-- RECORDS FOR PROCESSING --
--------------------------------

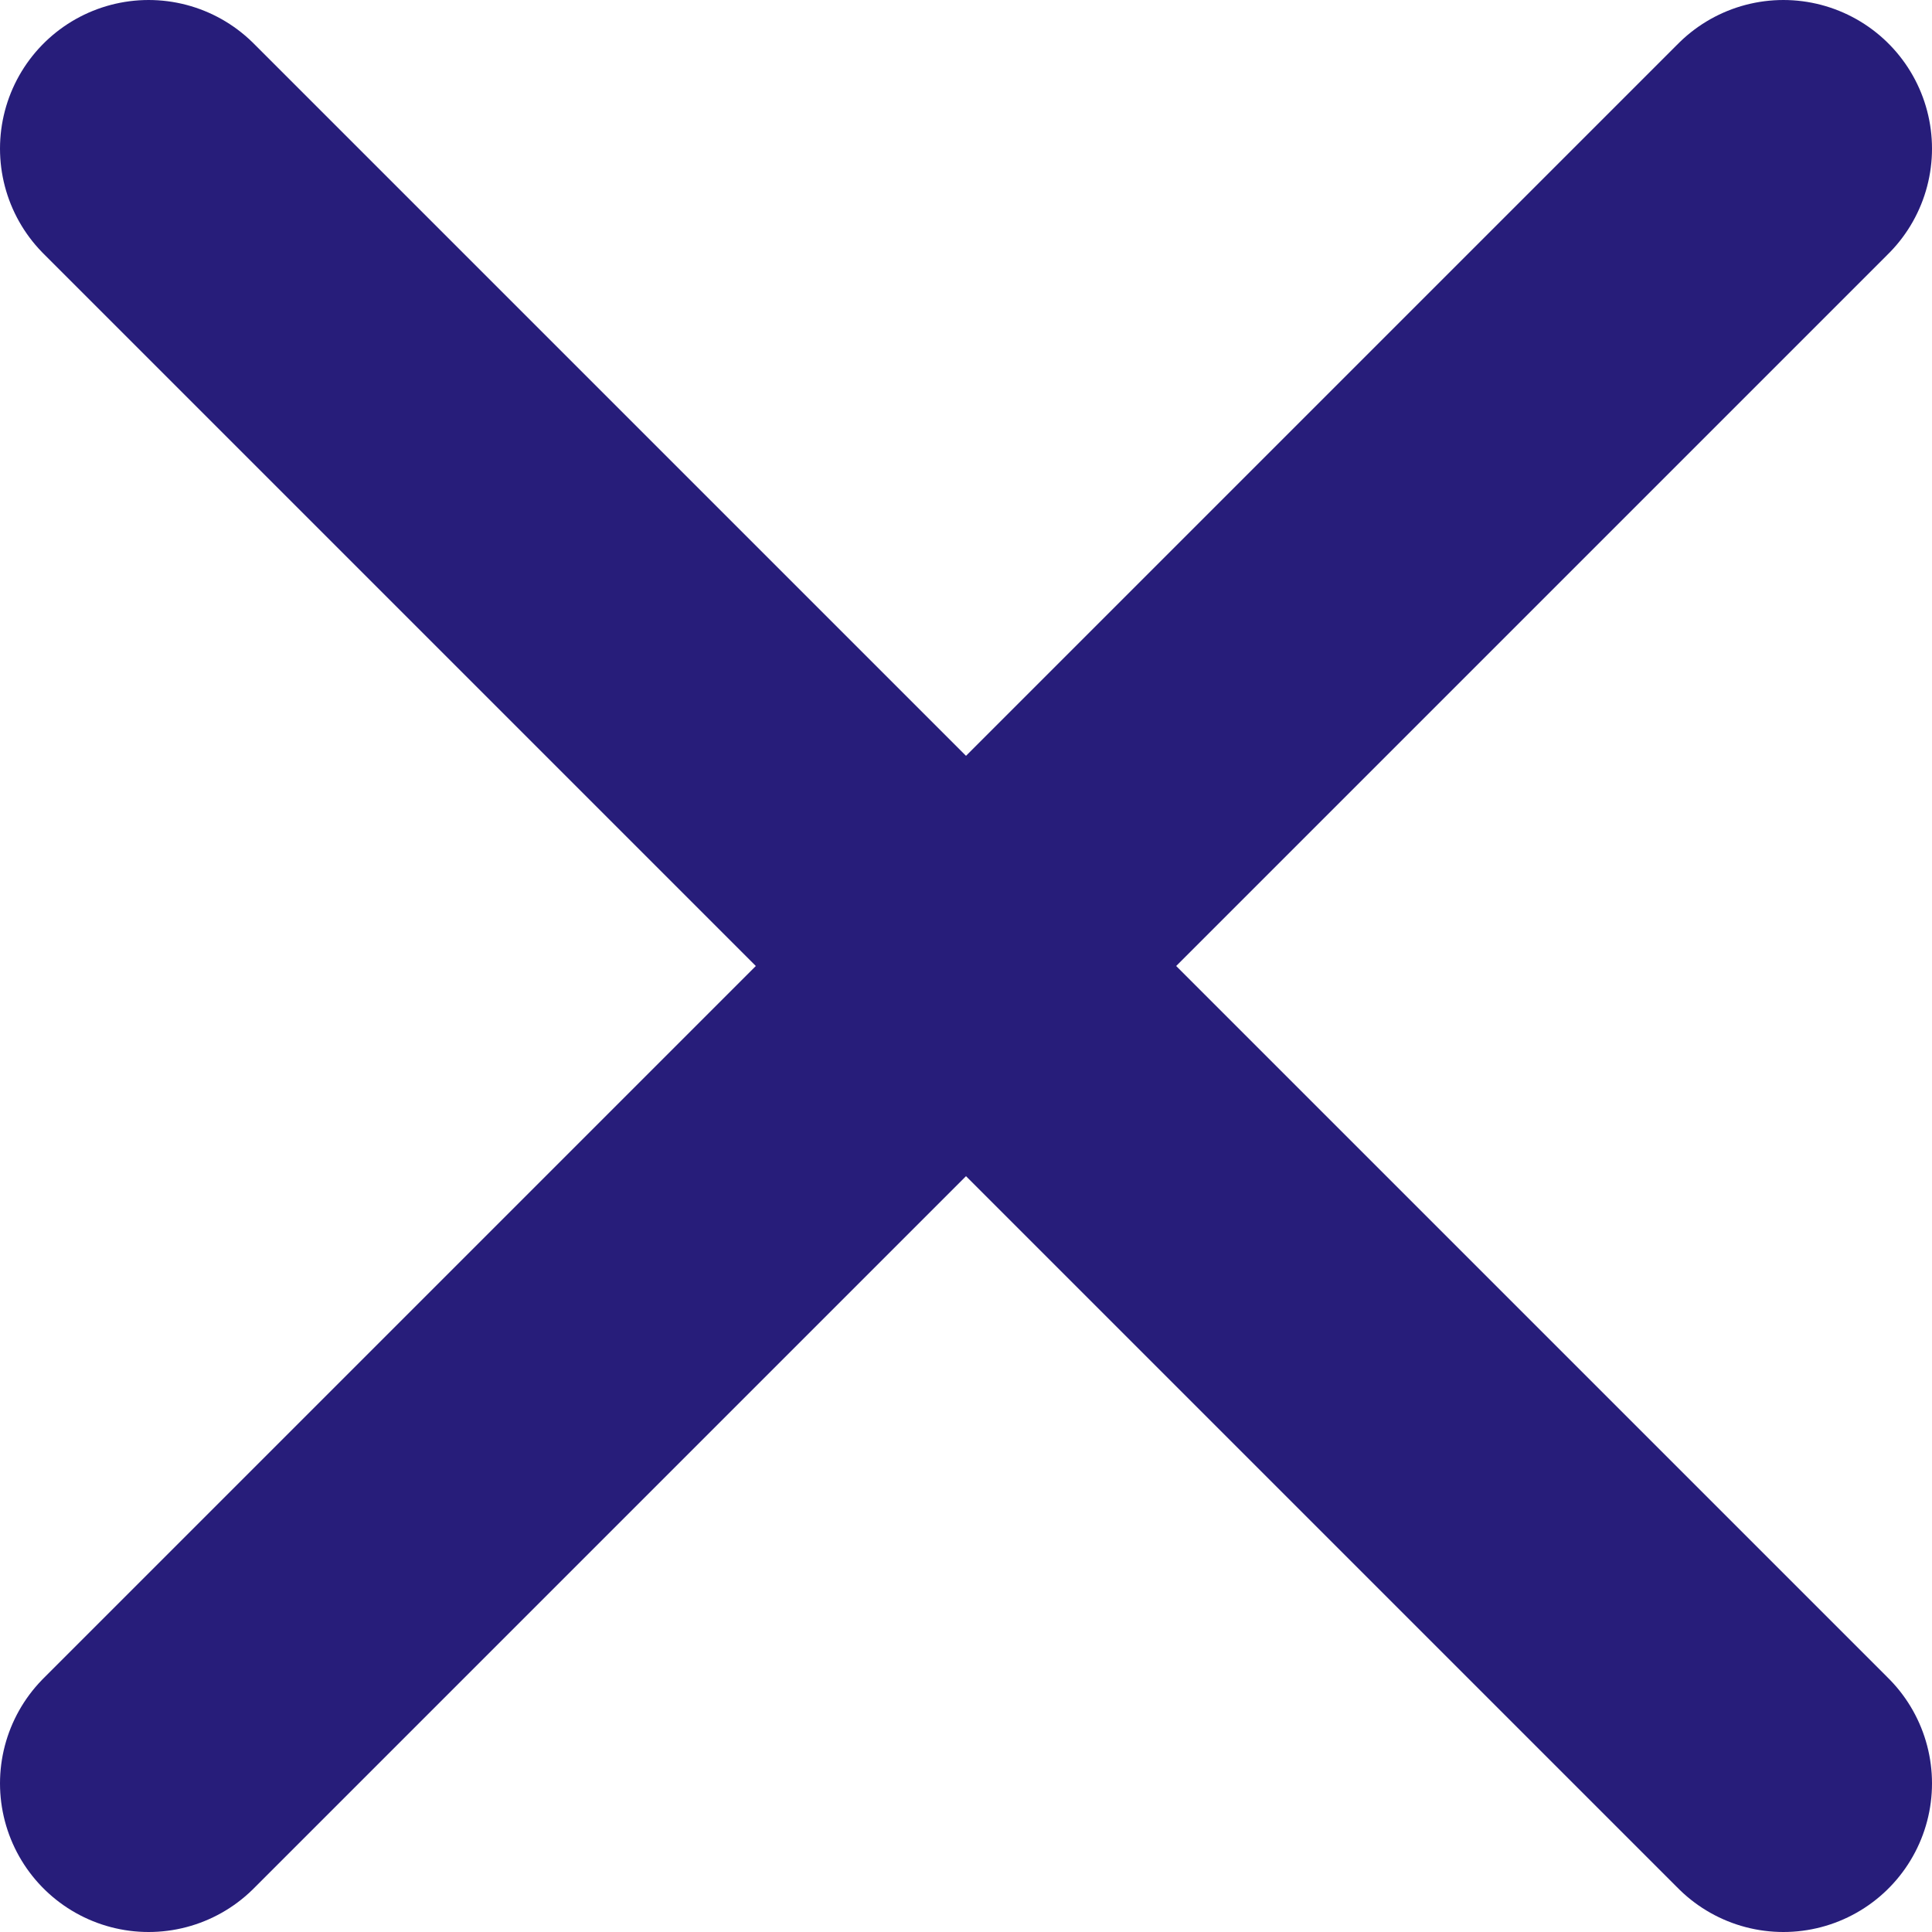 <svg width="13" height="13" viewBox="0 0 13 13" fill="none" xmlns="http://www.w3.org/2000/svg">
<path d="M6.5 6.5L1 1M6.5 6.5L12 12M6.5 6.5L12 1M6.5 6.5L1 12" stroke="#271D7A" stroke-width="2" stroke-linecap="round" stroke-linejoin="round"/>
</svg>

--------------------------------

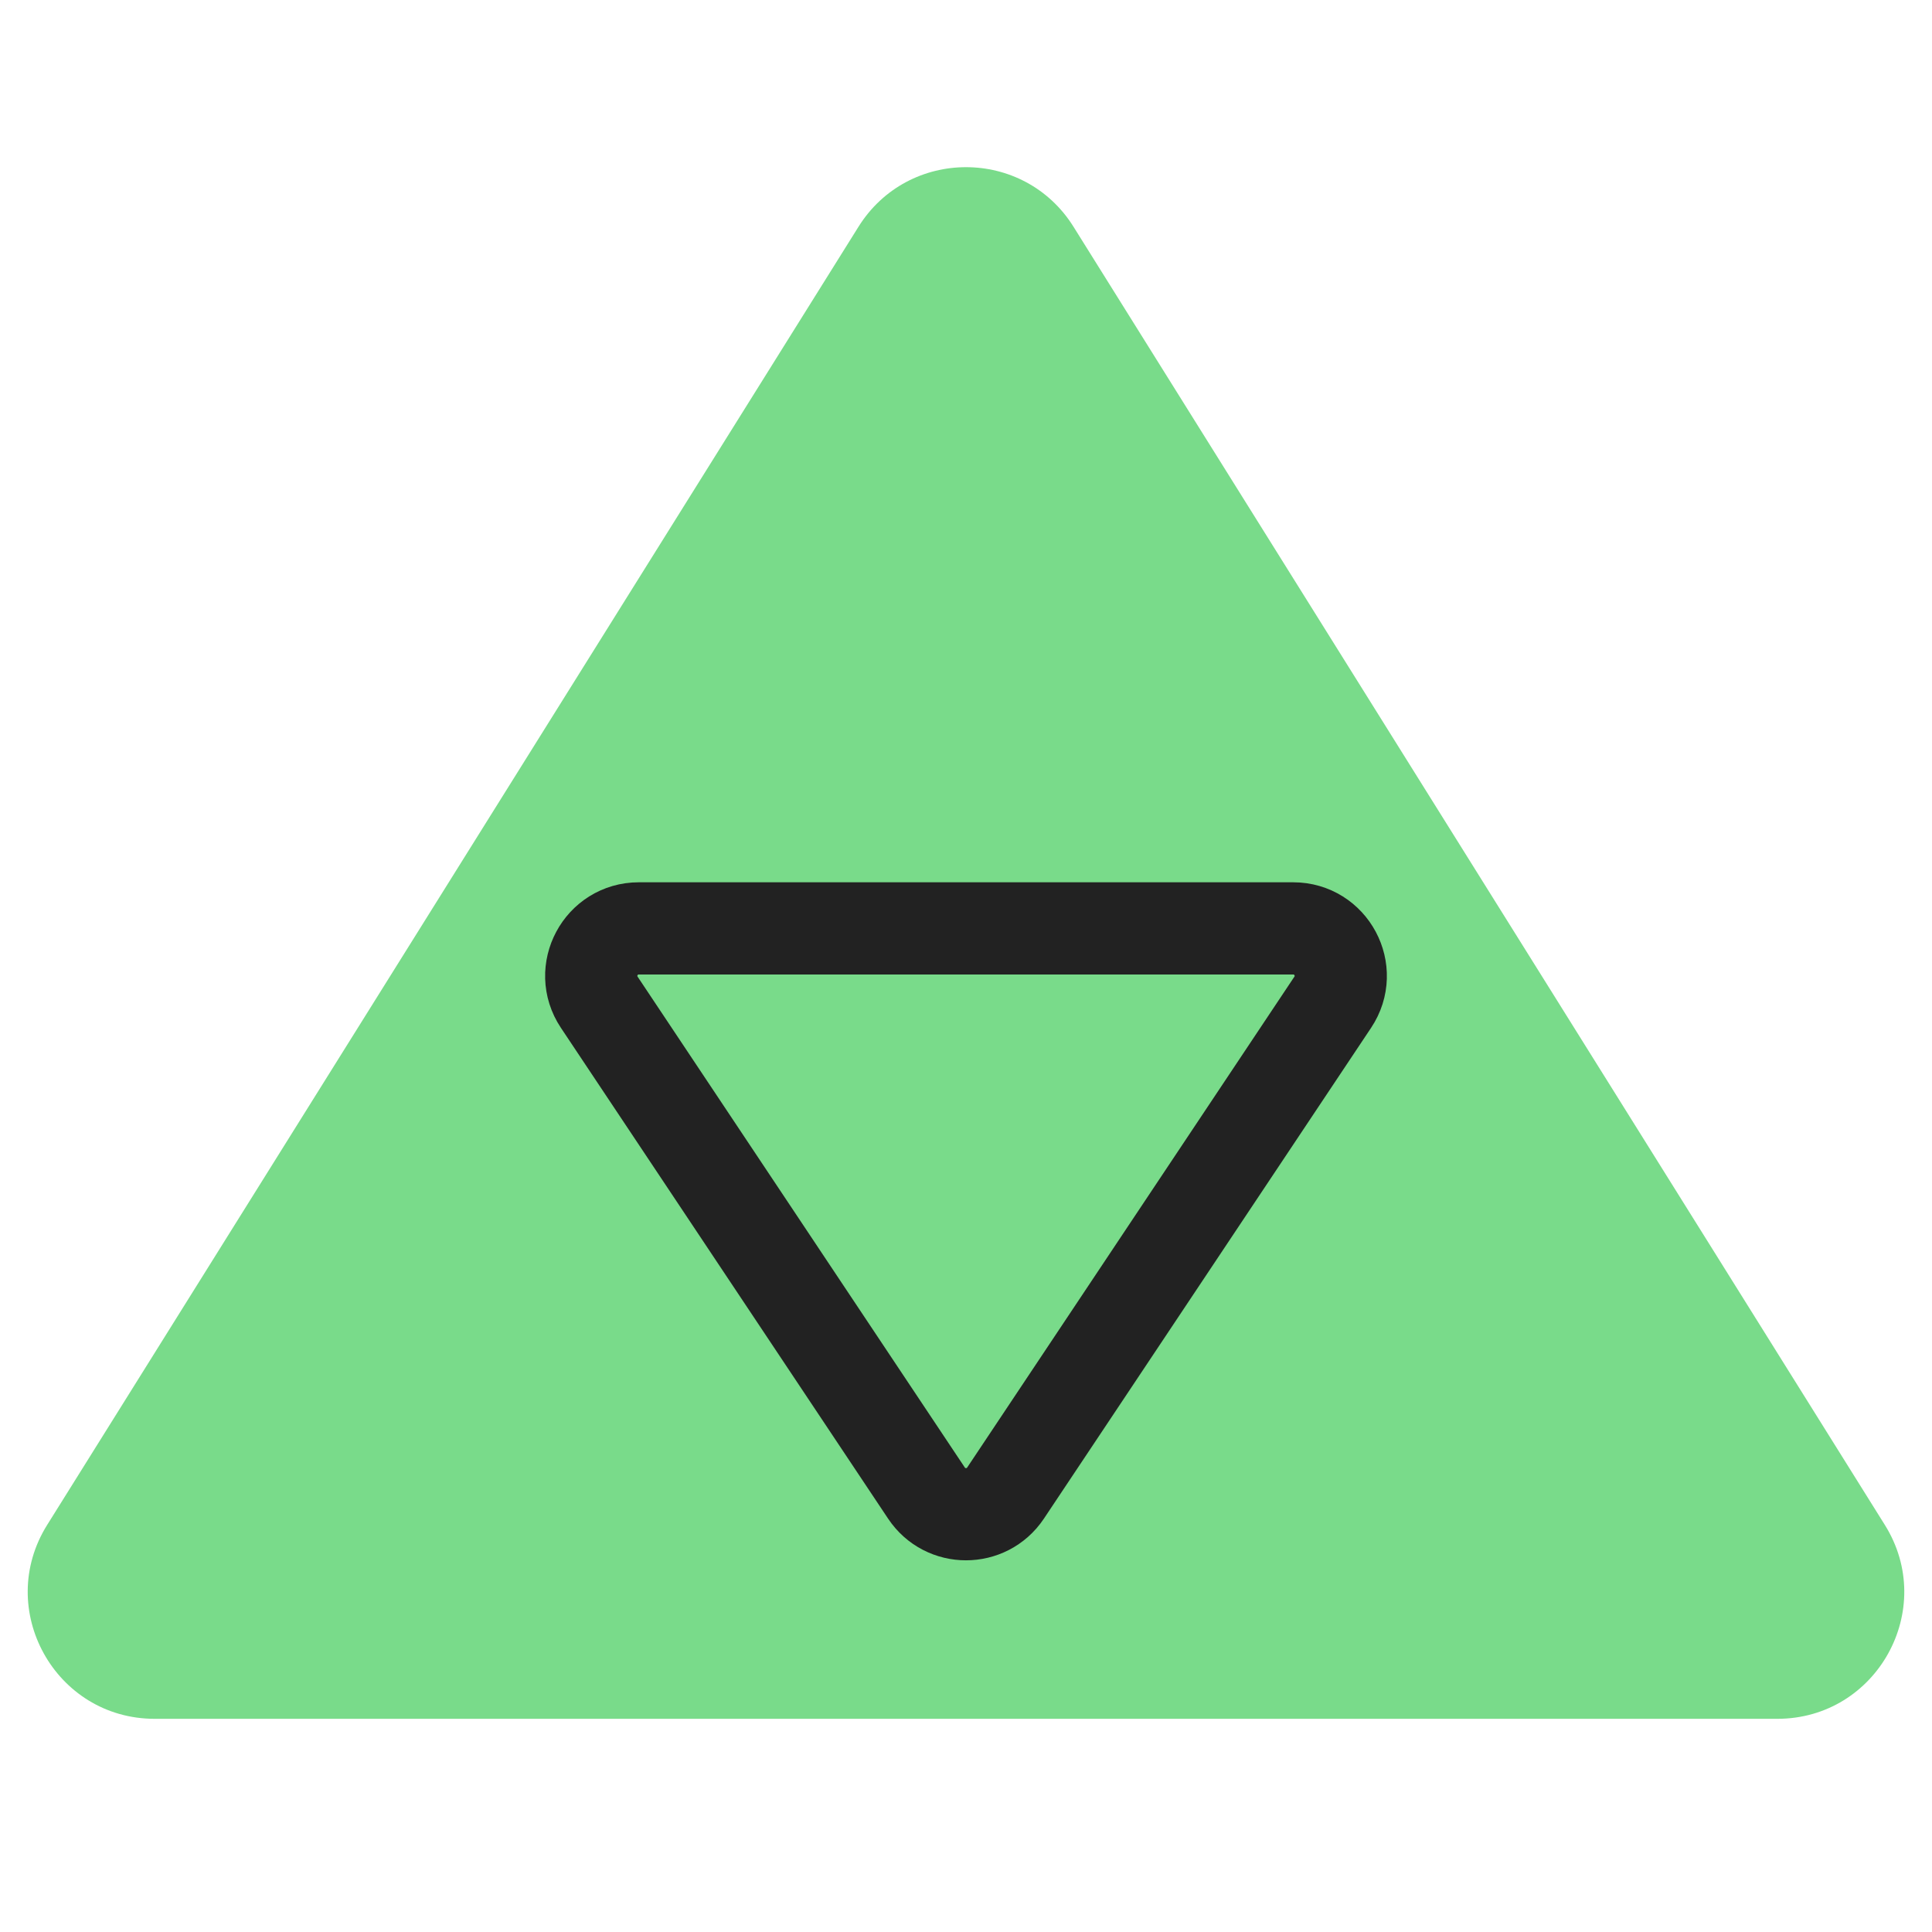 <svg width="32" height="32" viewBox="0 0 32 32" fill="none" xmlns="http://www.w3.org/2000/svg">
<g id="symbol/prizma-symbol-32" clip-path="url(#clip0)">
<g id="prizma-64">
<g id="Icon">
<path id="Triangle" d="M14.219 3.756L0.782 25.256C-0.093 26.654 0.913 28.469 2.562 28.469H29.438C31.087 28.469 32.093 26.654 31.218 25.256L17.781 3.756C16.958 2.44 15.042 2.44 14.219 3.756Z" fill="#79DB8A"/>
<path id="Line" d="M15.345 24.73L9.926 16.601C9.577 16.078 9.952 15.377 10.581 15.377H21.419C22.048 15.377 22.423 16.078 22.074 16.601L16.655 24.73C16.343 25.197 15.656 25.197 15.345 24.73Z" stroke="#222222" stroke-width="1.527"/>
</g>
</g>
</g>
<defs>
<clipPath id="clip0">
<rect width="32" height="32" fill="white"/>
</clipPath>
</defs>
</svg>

--------------------------------

Find the word "prizma" in the entries. Copy each line that holds it.

-- ANSWER TO THE PROBLEM --
<g id="symbol/prizma-symbol-32" clip-path="url(#clip0)">
<g id="prizma-64">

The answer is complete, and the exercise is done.